My approach to non-binary / queer yoga goes way beyond holding safer spaces and respecting preferred pronouns. I practice and teach an Ardhanarishwar inspired sadhana, using traditional hatha yoga and swara yoga to balance sun and moon energies in all of us. It is a sadhana that encourages embracing all of the human (left / ritght brain) qualities in us. No matter which container we are in, we can indeed be strong, confident, rational, logical, commanding, direct, while also compassionate, intuitive, caring, loving, receptive, etc. Our body’s container does not limit much less dictate the qualities we can cultivate, and the more brain-balanced we become, the closer we come to wholeness.

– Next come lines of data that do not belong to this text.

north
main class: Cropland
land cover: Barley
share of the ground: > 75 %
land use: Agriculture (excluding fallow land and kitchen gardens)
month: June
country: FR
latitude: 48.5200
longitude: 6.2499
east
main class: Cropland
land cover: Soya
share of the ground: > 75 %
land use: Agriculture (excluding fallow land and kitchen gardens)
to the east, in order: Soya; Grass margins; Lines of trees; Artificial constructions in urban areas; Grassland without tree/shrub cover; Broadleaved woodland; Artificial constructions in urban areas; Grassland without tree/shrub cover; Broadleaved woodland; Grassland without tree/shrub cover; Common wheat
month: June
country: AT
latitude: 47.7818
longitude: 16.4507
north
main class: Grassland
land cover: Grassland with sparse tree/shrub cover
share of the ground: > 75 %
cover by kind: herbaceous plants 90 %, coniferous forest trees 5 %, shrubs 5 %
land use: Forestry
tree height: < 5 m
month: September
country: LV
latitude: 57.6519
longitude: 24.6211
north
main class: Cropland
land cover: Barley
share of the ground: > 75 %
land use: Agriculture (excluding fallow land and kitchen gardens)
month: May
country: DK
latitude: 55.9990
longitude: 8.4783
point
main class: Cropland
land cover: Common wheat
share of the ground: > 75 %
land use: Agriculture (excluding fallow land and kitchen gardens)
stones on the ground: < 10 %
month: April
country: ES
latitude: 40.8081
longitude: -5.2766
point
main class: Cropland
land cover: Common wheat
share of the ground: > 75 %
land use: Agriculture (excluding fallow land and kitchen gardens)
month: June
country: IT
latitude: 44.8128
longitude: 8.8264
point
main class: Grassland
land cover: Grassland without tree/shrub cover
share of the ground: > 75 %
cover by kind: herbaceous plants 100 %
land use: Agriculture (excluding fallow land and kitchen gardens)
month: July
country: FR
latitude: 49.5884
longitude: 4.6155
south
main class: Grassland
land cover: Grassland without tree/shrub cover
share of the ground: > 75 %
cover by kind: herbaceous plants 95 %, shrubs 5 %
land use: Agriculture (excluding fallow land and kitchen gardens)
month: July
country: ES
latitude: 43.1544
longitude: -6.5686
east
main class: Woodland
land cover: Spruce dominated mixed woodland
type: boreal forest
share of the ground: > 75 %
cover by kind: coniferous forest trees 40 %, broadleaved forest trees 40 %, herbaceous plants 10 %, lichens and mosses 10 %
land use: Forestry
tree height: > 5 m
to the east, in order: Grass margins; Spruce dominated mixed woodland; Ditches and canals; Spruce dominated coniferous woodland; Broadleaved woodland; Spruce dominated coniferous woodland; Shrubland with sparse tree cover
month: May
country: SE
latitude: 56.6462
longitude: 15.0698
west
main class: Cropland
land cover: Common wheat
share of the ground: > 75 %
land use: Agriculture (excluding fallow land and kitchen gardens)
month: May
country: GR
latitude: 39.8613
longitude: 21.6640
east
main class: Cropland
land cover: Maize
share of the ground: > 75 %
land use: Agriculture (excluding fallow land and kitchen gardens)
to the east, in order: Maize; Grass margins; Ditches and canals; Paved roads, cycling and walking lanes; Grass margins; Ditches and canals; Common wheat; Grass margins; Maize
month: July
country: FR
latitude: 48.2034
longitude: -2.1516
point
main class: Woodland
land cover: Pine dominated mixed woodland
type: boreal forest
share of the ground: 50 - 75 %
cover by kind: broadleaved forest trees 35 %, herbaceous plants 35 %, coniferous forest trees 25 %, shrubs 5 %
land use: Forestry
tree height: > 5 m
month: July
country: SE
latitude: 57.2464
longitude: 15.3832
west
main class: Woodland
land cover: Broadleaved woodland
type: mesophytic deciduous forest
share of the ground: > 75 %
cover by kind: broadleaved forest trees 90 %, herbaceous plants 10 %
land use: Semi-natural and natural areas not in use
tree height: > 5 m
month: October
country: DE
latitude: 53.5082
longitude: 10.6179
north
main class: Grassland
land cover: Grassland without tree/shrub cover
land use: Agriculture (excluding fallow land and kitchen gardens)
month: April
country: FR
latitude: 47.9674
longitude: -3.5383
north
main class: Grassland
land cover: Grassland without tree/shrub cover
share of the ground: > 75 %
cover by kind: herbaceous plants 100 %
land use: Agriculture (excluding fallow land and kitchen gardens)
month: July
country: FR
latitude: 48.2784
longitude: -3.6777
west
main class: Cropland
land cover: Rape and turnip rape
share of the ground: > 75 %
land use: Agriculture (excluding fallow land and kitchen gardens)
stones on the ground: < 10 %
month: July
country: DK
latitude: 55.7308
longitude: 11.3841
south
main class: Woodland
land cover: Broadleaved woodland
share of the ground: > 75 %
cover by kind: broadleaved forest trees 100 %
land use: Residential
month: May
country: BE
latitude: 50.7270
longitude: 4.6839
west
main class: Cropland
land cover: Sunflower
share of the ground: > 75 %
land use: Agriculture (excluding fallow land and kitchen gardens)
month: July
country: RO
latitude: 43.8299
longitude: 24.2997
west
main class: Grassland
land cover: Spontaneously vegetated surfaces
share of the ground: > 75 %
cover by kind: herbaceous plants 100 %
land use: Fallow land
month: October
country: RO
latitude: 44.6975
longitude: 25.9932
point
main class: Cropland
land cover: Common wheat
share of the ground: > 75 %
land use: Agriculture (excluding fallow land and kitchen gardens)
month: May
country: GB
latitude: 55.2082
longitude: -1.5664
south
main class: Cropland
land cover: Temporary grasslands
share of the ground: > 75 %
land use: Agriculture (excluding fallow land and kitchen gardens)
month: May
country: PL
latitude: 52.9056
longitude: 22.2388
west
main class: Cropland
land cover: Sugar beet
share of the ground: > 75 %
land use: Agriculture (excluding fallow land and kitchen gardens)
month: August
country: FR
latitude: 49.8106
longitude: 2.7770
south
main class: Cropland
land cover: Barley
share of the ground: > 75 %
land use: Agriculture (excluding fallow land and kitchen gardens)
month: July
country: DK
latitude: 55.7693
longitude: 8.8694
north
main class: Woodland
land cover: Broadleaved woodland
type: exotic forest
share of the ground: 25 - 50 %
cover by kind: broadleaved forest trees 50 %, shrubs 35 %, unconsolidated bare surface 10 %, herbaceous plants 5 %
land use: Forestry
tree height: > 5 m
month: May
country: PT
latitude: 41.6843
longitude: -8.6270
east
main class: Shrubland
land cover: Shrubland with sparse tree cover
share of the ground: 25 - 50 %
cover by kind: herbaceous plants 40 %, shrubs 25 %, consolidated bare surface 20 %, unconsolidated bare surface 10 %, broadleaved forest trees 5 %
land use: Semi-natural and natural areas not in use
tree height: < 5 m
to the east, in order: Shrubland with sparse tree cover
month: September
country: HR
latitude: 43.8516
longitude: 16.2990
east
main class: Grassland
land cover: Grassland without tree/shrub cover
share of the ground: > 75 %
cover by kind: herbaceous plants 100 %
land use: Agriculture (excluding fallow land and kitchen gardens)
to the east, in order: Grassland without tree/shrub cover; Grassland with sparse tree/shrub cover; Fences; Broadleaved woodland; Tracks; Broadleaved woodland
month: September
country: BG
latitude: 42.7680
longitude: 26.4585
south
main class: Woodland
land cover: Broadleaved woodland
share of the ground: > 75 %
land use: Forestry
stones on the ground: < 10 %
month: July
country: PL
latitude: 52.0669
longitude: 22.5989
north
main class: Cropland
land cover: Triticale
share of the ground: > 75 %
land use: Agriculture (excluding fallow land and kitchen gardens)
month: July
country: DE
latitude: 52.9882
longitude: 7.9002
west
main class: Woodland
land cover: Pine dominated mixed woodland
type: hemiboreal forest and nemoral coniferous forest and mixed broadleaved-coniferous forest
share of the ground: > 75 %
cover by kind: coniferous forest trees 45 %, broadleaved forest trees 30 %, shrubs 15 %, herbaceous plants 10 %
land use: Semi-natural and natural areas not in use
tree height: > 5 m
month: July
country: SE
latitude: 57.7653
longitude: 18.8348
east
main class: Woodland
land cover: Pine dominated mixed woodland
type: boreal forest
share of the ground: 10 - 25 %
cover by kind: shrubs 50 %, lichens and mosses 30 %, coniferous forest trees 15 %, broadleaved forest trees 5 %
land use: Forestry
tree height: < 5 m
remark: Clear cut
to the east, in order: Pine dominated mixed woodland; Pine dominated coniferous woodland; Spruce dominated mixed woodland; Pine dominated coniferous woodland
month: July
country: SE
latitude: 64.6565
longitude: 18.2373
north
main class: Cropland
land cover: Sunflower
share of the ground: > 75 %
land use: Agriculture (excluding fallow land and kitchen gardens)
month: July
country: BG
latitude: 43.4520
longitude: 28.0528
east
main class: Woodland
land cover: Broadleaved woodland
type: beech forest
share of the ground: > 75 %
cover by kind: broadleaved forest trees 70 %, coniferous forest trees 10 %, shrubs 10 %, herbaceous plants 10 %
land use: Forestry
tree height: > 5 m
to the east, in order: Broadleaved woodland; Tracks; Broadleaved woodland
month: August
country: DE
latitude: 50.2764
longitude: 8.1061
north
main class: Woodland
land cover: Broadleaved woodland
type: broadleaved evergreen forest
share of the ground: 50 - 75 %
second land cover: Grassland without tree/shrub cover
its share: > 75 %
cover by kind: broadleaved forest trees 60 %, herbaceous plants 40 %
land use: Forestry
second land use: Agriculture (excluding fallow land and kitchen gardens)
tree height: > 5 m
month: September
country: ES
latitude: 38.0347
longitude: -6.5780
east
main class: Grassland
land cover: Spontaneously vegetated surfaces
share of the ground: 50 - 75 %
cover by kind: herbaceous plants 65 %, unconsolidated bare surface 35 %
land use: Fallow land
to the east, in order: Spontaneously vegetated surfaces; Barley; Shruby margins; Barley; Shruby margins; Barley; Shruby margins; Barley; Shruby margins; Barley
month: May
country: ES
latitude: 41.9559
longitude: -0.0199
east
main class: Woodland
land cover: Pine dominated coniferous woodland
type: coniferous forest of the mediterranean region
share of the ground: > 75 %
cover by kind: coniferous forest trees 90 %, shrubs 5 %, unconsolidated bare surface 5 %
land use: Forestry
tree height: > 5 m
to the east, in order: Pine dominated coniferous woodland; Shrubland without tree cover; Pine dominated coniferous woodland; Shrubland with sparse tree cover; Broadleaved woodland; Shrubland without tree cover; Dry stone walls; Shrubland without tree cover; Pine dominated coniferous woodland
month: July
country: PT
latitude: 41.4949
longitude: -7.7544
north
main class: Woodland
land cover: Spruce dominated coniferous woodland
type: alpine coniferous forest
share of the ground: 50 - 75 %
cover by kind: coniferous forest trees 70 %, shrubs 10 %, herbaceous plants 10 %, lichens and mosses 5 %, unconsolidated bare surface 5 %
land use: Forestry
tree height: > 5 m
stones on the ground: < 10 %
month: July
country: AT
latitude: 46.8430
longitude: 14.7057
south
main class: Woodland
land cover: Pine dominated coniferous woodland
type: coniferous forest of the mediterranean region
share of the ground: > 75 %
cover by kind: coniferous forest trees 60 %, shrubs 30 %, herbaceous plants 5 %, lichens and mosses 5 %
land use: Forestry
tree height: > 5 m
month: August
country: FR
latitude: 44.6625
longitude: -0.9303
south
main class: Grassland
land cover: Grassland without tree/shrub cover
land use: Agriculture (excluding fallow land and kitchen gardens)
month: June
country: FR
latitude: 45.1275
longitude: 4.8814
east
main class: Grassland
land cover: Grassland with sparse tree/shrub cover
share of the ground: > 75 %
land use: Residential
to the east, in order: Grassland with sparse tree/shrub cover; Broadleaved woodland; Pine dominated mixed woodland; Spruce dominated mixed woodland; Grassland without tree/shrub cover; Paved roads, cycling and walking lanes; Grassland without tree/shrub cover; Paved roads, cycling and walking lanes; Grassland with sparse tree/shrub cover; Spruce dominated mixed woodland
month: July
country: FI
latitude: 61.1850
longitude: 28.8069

Nicole Jaquis - padmasana - lotus - race brook lodge barn - relativelyLocal relativelyLocal - nicole jaquis - Himalayan Sadhana School - yoga in the modern world - holistic wellness consulting, sadhana guidance, my sadhana story, my yoga journey

Sadhana / Yoga / Meditation Teaching Specialties:

• Traditional seven limbed Hatha Yoga system: śatkarma (seasonal and daily cleansing and detoxes), āsana (postures), mudrā (gestures for connecting one’s individual prāṇic flow with the universal or cosmic force), pratyāhār (concentration towards removal of disturbance from sensory input), prāṇāyāma (expansion of the breath and prāṇa / vital energy), meditation (uninterrupted blissful flow of prāṇic energy), and ultimate samādhi (complete balance of the mind in all situations);

• Sūkṣma Vyāyām (subtle pranic exercises, aka Himalayan Yoga);

• Vipassana Meditation (as taught by S.N. Goenka);

• Yogic / Sanātan Dharmic / Buddhist Philosophy;

• Karma Yoga (seva – selfless service towards others, without concern or attachment to the fruits of one’s labor);

• Svadhāya (independent study and introspective study of the self).

• non-binary sadhana / queer yoga / trauma informed yoga & meditation

Himalayan Sadhana School – who wouldn’t want to do yoga here!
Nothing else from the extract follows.